Print to PDF might just convert the PDF into Postscript instructions and back again without the original PDF’s metadata, but that probably depends on the Print to PDF software being used and its settings.
I kind of assume this with any digital media. Games, music, ebooks, stock videos, whatever - embedding a tiny unique ID is very easy and can allow publishers to track down leakers/pirates.
Honestly, even though as a consumer I don’t like it, I don’t mind it that much. Doesn’t seem right to take the extreme position of “publishers should not be allowed to have ANY way of finding out who is leaking things”. There needs to be a balance.
Online phone-home DRM is a huge fuck no, but a benign little piece of metadata that doesn’t interact with anything and can’t be used to spy on me? Whatever, I can accept it.
Doesn’t seem right to take the extreme position of “publishers should not be allowed to have ANY way of finding out who is leaking things”. There needs to be a balance.
Nah, fuck that; that’s both the opposite of an extreme position and is exactly the one we should take!
Copyright itself is a privilege and only exists in the first place “to promote the progress of science and the useful arts.” Any entity that doesn’t respect that purpose doesn’t deserve to benefit from it at all.
You are arguing that Elsevier shouldn’t exist at all, or needs to be forcibly changed into something more fair and more free. I 100% agree with this.
But my point was in general, not about Elsevier but about all digital publications of any kind. This includes indie publications and indie games. If an indie developer makes a game, and it gets bought maybe 20 copies but pirated thousands of times, do you still say “fuck that” to figuring out which “customer” shared the game?

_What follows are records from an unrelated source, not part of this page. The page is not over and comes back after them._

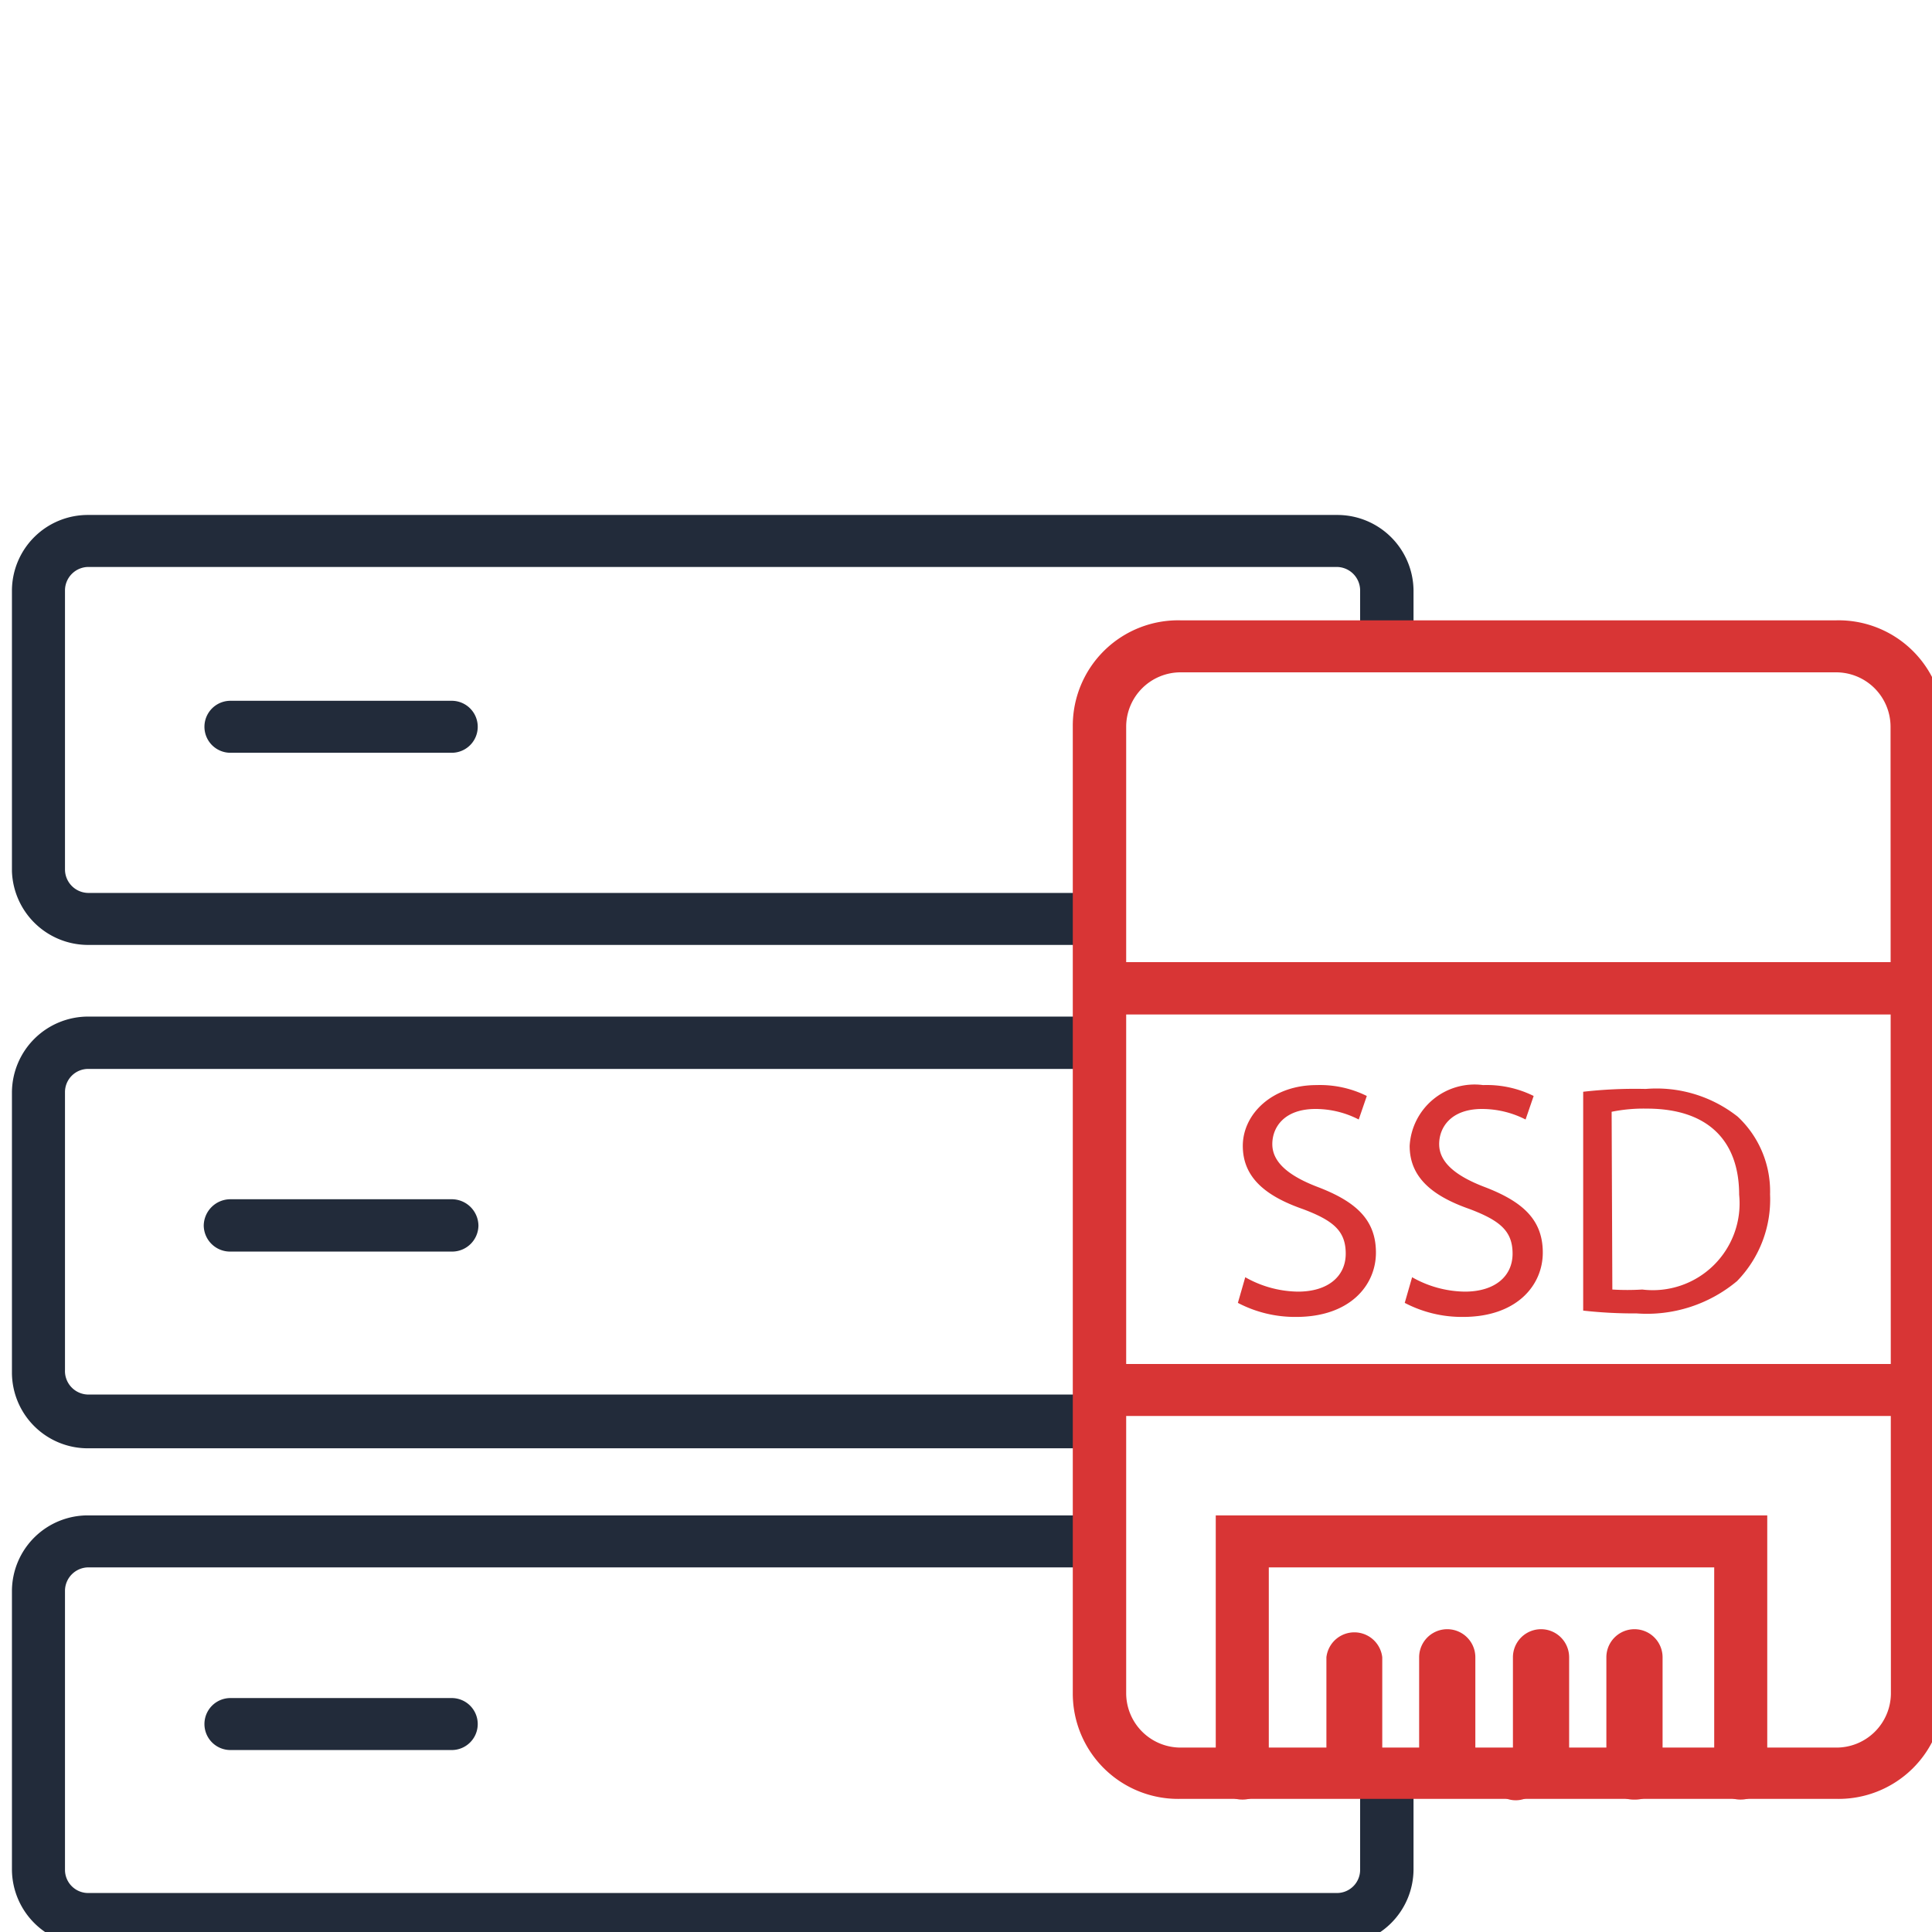 <svg id="Layer_1" data-name="Layer 1" xmlns="http://www.w3.org/2000/svg" width="55" height="55" viewBox="0 0 55 55">
  <defs>
    <style>
      .cls-1 {
        fill: #222b3a;
      }

      .cls-2 {
        fill: #d83535;
      }
    </style>
  </defs>
  <path class="cls-1" d="M38.05,14.66H2.52A2.16,2.16,0,0,0,.34,16.8v8A2.17,2.17,0,0,0,2.52,26.9H31.37V25.42H2.52a.67.67,0,0,1-.67-.67V16.8a.67.67,0,0,1,.67-.66H38.05a.67.67,0,0,1,.67.66v1.54h1.52V16.8A2.17,2.17,0,0,0,38.05,14.66Z"/>
  <path class="cls-1" d="M2.52,39.7A.67.67,0,0,1,1.85,39V31.09a.66.66,0,0,1,.67-.66H31.37V28.94H2.52A2.17,2.17,0,0,0,.34,31.09v8a2.16,2.16,0,0,0,2.18,2.14H31.37V39.7Z"/>
  <path class="cls-1" d="M38.72,50.34v2.89a.66.66,0,0,1-.67.66H2.52a.66.66,0,0,1-.67-.66V45.28a.67.67,0,0,1,.67-.66H31.37V43.14H2.52A2.16,2.16,0,0,0,.34,45.28v7.95a2.17,2.17,0,0,0,2.18,2.15H38.05a2.17,2.17,0,0,0,2.19-2.15V50.34Z"/>
 <path class="cls-1" d="M12.86,21.43H6.56a.74.74,0,1,1,0-1.48h6.3a.74.74,0,1,1,0,1.48Z"/>
  <path class="cls-1" d="M12.86,35.63H6.56a.75.75,0,0,1-.76-.74.76.76,0,0,1,.76-.75h6.3a.76.76,0,0,1,.76.75A.75.75,0,0,1,12.86,35.63Z"/>
  <path class="cls-1" d="M12.86,49.82H6.56a.74.74,0,1,1,0-1.48h6.3a.74.74,0,1,1,0,1.48Z"/>
  <path class="cls-2" d="M52.26,17.66H33.62a3,3,0,0,0-3.08,3V48.21a3,3,0,0,0,3.08,3H52.26a3,3,0,0,0,3.08-3V20.68A3,3,0,0,0,52.26,17.66ZM31.37,49.47v0Zm12-31.13h0Zm-9.76,32h0Zm20.22-2.13a1.55,1.55,0,0,1-1.56,1.54H33.62a1.55,1.55,0,0,1-1.56-1.54V20.68a1.55,1.55,0,0,1,1.56-1.54H52.26a1.55,1.55,0,0,1,1.56,1.54Z"/>
  <g>
    <path class="cls-2" d="M31.3,25.42a.74.74,0,1,0,0,1.48h.07V25.42Z"/>
    <path class="cls-2" d="M54.17,27.39H31.37v1.49h22.8a.75.75,0,0,0,.76-.74A.76.76,0,0,0,54.17,27.39Z"/>
  </g>
  <g>
    <path class="cls-2" d="M31.3,38.83a.74.74,0,1,0,0,1.48h.07V38.83Z"/>
    <path class="cls-2" d="M54.17,38.83H31.37v1.48h22.8a.74.74,0,1,0,0-1.48Z"/>
  </g>
  <g>
    <path class="cls-2" d="M34.61,43.14v7.2h1.51V44.62H48.8v5.87a.74.74,0,0,0,.75.74.75.75,0,0,0,.76-.74V43.14Z"/>
    <path class="cls-2" d="M34.61,50.49a.75.75,0,0,0,.76.74.74.74,0,0,0,.75-.74v-.15H34.61Z"/>
  </g>
  <g>
    <path class="cls-2" d="M39.35,47.18a.8.8,0,0,0-1.59,0v3.16h1.59Z"/>
    <path class="cls-2" d="M37.36,50.34v.15a.76.76,0,0,0,1.51,0v-.15Z"/>
  </g>
  <g>
    <path class="cls-2" d="M42,47.18a.8.8,0,0,0-1.6,0v3.16H42Z"/>
    <path class="cls-2" d="M39.88,50.34v.15a.76.76,0,0,0,1.51,0v-.15Z"/>
  </g>
  <g>
    <path class="cls-2" d="M44.67,47.18a.8.8,0,0,0-1.6,0v3.16h1.6Z"/>
    <path class="cls-2" d="M42.39,50.34v.15a.76.76,0,0,0,1.52,0v-.15Z"/>
  </g>
  <path class="cls-2" d="M46.53,51.23a.77.77,0,0,1-.8-.74V47.18a.8.8,0,0,1,1.6,0v3.31A.77.77,0,0,1,46.53,51.23Z"/>
  <g>
    <path class="cls-2" d="M35.45,36.36a3.11,3.11,0,0,0,1.5.41c.86,0,1.36-.44,1.36-1.08s-.34-.94-1.22-1.27c-1.06-.37-1.71-.9-1.71-1.8s.83-1.73,2.1-1.73a3,3,0,0,1,1.43.31l-.23.67a2.68,2.68,0,0,0-1.23-.3c-.89,0-1.23.52-1.23,1s.4.88,1.29,1.22c1.1.42,1.66.94,1.66,1.87s-.74,1.83-2.27,1.83a3.5,3.5,0,0,1-1.66-.4Z"/>
    <path class="cls-2" d="M40.2,36.36a3.11,3.11,0,0,0,1.5.41c.86,0,1.36-.44,1.36-1.08s-.35-.94-1.22-1.27c-1.06-.37-1.71-.9-1.71-1.8a1.85,1.85,0,0,1,2.09-1.73,3,3,0,0,1,1.44.31l-.23.67a2.73,2.73,0,0,0-1.24-.3c-.88,0-1.22.52-1.22,1s.4.88,1.29,1.22c1.1.42,1.66.94,1.66,1.87s-.74,1.83-2.27,1.83a3.5,3.5,0,0,1-1.66-.4Z"/>
    <path class="cls-2" d="M45.07,31.08A13,13,0,0,1,46.85,31a3.73,3.73,0,0,1,2.62.79A2.91,2.91,0,0,1,50.39,34a3.33,3.33,0,0,1-.94,2.47,4,4,0,0,1-2.86.92,12.92,12.92,0,0,1-1.52-.08Zm.83,5.63a6.81,6.81,0,0,0,.85,0,2.47,2.47,0,0,0,2.76-2.7c0-1.5-.85-2.45-2.63-2.45a4.58,4.58,0,0,0-1,.09Z"/>
  </g>
</svg>

I agree with “fuck that” to huge publishers, and by all means pirate all their shit, but smaller guys need some way to safeguard themselves, and there’s no way to decide that small guys can use a certain tool and big guys cannot.
Definitely better than some of the DRM-riddled proprietary eBook formats.
Enlightened centrist
Plus, if you have two people with legit access, you can pretty easily figure out what’s going on and defeat it.